Digital Fingerprinting (DF) is a technique designed to pinpoint the exact replica of a certain document or data file with the rate of false positives approaching zero. The methods used are calculations of message digests by a secure hash algorithm (SHA-1 and MD5 are popular choices). Websense uses PreciseID (a sliding hash algorithm that is a variation on the DF technique – which is more robust than DF for unstructured data, but still requires frequent update of the signature and is unsuitable for protecting information in very large customer databases due to the amount of computation required and the need to access customer data and store the signatures which creates an additional data security vulnerability.
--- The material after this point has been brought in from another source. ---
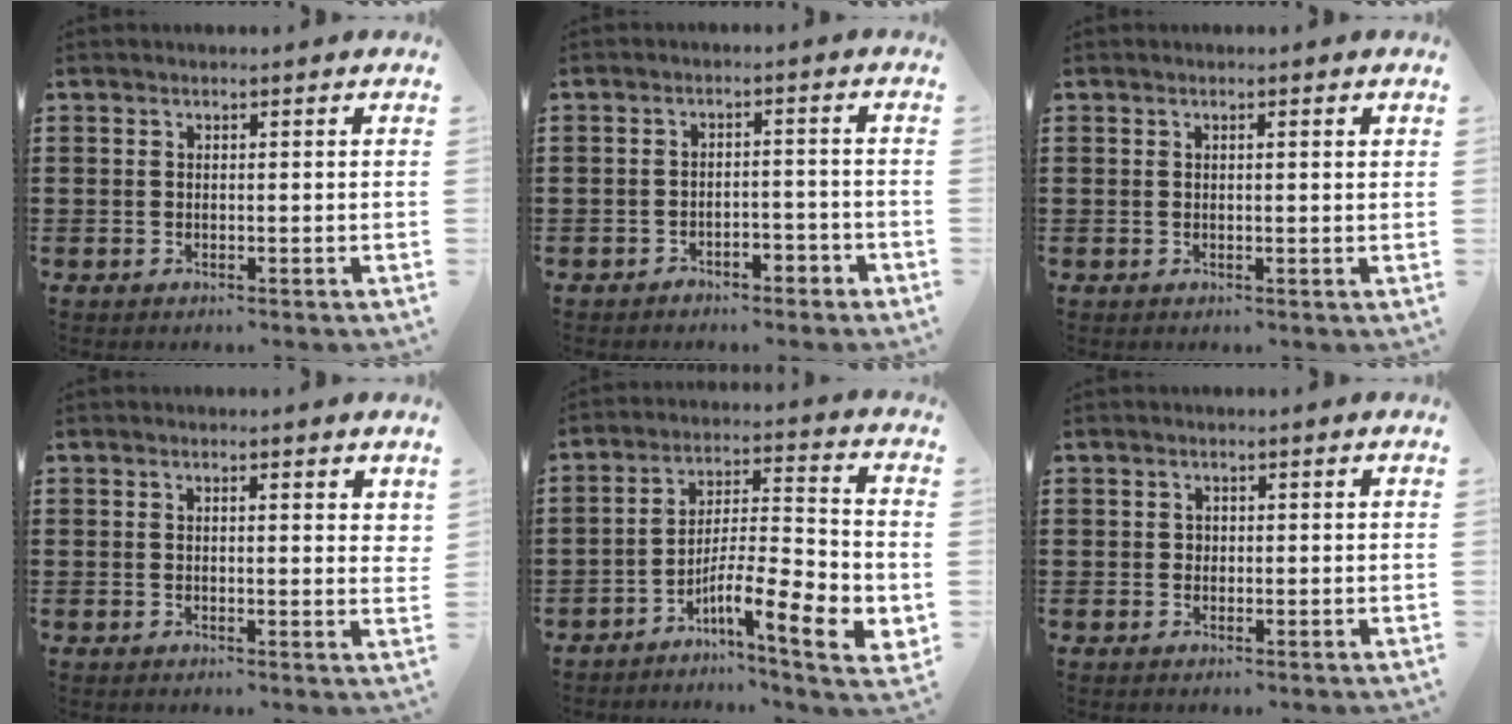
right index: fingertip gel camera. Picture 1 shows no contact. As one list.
[{"total": 2.6, "force": [-2.4, 0.9, 0.6], "torque": [-0.015, 0.005, -0.049]}, {"total": 0.8, "force": [0.3, 0.0, 0.8], "torque": [-0.015, 0.000, 0.004]}, {"total": 1.3, "force": [0.5, 0.2, 1.1], "torque": [-0.023, 0.002, 0.009]}, {"total": 10.3, "force": [-5.2, 2.1, 8.7], "torque": [-0.150, -0.005, -0.094]}, {"total": 0.6, "force": [0.1, 0.6, 0.2], "torque": [-0.005, 0.004, 0.001]}]
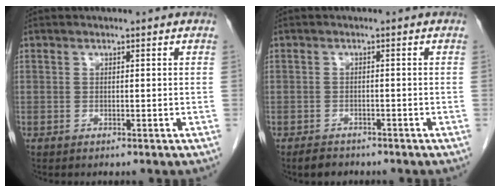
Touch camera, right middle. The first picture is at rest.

Here is an example of a Fidelis XPS Smart Identity Profile that illustrates the simplicity and power of XPS.

# MCP3.0 Profile
# name: InsurancePolicyHolders
# comments: Policy Holders
# threshold: 0
pattern:    MemoNo    P[A-Z][A-Z]
pattern:    BusinessUnitName    PZUInternational
pattern:    ControlNo    d{9}
pattern:    PolicyNo    4d{7}
use:    DateOfPolicy(PolicyNo,Date,Name,Phone,e_mail):Medium
use:    Medication(PolicyNo,Drug_Name,Name,Phone):Medium
use:    NamePhonePolicyNo(BusinessUnitName,PolicyNo,Name,Phone):Medium
------------------------------
prob: DateOfPolicy 0.200 0.200 0.200 0.200 0.200
prob: Medication 0.201 0.398 0.201 0.201
prob: NamePhonePolicyNo 0.000 0.333 0.333 0.333

As you can see in the above example – Smart Identity Profiling uses tuples of data fields – for example, the DateOfPolicy tuple which contains 5 fields – PolicyNo,Date,Name,Phone and e_mail address. Although the probability of not detecting a single field might be fairly high, the probability of not detecting a given tuple of 5 fields is the multiple of 5 probabilities – for example if the miss probability of a single field is 70% then the probability of missing the entire tuple is only 16.8%.
SIP (Smart Identity Profiling) is used successfully in Fidelis XPS appliances at gigabit deployments at large insurance companies like PBGC and telecommunication service providers like 013 and Netia.